Ketua Komisi X DPR RI Lalu Hadrian menyoroti kasus perundungan terhadap seorang siswa di yang berujung bunuh diri. Lalu mendorong evaluasi kurikulum pendidikan.
“Terkait kekerasan di SMA Garut ini, kami mendorong pendekatan restorative justice dan pemulihan psikososial bagi korban serta keluarga korban,” kata Lalu kepada wartawan, Rabu (22/7/2025).
“Sosialisasi intens tentang bahaya bullying dan penguatan peran masyarakat, termasuk orang tua dan media, harus terus digalakkan untuk menciptakan lingkungan sekolah yang lebih aman,” sambungnya.
Selain itu, Lalu menilai evaluasi kurikulum pendidikan perlu dilakukan. Menurut dia, pendidikan antikekerasan perlu diterapkan untuk mencegah peristiwa serupa terulang.
“Langkah-langkah ini juga dibarengi dengan evaluasi pelaksanaan kurikulum pendidikan, untuk memastikan nilai-nilai antikekerasan dan Pancasila tertanam kuat di kalangan siswa,” ujarnya.
Lebih lanjut, Lalu menyoroti implementasi dari regulasi Permendikbudristek Nomor 46 Tahun 2023 tentang Pencegahan dan Penanganan Kekerasan di Satuan Pendidikan. Dia juga menilai perlu pembentukan dan penguatan Satgas Anti Bullying di setiap sekolah.
“Kasus kekerasan di sekolah, tentu harus ditangani dengan kolaborasi berbagai pihak, dengan KPAI dan pemerintah daerah. Pengawasan dan respons terhadap kasus kekerasan terhadap anak sekolah, harapan kita dapat dimaksimalkan dengan kerja sama itu,” tuturnya.
Sebelumnya, kasus seorang siswa SMAN 6 Garut, Jawa Barat, yang bunuh diri setelah diduga menjadi korban perundungan atau bullying berbuntut panjang. Kepala SMAN 6 Garut kini dinonaktifkan sementara.
Surat itu diterbitkan oleh Kantor Cabang Dinas (KCD) Pendidikan Wilayah XI atas rekomendasi dari BKD Jawa Barat. Selama proses ini berlangsung, Dinas Pendidikan Jabar akan menunjuk Pelaksana Tugas (Plt) Kepala Sekolah sebagai pengganti sementara.

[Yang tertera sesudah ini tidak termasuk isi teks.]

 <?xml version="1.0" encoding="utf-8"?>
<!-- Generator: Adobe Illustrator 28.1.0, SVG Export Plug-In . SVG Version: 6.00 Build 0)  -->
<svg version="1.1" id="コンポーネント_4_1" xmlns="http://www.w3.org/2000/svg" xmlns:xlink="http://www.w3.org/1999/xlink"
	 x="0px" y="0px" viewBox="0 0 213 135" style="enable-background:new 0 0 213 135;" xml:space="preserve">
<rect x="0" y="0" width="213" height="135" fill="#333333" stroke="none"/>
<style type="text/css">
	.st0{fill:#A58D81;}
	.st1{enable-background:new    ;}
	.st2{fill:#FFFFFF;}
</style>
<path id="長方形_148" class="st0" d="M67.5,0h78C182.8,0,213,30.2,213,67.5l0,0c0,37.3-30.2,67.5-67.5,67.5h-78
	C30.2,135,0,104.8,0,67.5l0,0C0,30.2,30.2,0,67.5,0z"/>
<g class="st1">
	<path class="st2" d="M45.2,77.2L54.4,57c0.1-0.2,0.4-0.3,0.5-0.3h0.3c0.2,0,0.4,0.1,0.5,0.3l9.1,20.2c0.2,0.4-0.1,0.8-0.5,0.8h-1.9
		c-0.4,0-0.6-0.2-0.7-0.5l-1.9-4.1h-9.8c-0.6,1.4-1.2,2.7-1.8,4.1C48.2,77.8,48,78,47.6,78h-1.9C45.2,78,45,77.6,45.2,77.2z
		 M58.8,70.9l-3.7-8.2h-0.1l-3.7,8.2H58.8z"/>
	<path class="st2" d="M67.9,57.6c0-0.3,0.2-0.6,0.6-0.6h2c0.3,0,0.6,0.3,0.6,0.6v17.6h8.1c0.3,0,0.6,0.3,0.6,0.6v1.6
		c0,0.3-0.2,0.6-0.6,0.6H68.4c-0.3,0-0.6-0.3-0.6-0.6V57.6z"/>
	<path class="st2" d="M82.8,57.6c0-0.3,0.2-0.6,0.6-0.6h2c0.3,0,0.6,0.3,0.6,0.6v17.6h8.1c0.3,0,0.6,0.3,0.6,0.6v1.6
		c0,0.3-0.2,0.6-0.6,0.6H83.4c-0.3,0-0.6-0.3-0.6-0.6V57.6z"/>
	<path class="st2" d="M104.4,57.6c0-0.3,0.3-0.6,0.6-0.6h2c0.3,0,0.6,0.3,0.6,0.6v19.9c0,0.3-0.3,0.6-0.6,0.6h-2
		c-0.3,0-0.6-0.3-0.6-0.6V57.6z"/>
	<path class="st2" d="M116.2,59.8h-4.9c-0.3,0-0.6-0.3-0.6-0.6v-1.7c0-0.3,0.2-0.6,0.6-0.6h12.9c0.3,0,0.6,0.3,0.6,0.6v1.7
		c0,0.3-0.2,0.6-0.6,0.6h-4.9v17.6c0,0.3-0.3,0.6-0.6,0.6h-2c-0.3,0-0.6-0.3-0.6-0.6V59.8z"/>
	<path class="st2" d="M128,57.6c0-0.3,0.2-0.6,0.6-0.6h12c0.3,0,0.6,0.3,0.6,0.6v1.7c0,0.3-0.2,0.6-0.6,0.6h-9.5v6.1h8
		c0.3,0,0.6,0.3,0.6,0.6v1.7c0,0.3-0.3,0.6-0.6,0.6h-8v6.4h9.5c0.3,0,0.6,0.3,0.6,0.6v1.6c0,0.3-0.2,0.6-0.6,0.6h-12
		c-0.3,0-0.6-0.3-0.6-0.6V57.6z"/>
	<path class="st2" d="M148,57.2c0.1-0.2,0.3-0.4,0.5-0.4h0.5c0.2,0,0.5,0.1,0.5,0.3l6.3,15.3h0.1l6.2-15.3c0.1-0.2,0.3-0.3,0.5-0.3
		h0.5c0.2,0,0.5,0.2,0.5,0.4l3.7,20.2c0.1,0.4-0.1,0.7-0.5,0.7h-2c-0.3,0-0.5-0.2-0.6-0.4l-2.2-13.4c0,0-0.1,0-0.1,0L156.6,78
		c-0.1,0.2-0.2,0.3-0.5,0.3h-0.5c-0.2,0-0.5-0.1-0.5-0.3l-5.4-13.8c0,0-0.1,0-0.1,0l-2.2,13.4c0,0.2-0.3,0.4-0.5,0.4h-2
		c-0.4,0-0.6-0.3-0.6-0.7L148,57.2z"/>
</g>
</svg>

“Untuk proses pendalamannya ditargetkan selama kira-kira satu minggu, dan Tim Disiplin Pegawai dari BKD Jabar juga sudah mulai bekerja untuk mendalami administrasi kepegawaiannya sejak kemarin,” kata Kepala BKD Jabar Dedi Supandi, dilansir infoJabar, Sabtu (19/7).
Penonaktifan tersebut dilakukan untuk mempercepat proses pendalaman dan pemeriksaan internal. Dedi menyebutkan ada beda pendapat antara pihak orang tua dan sekolah terkait perundungan.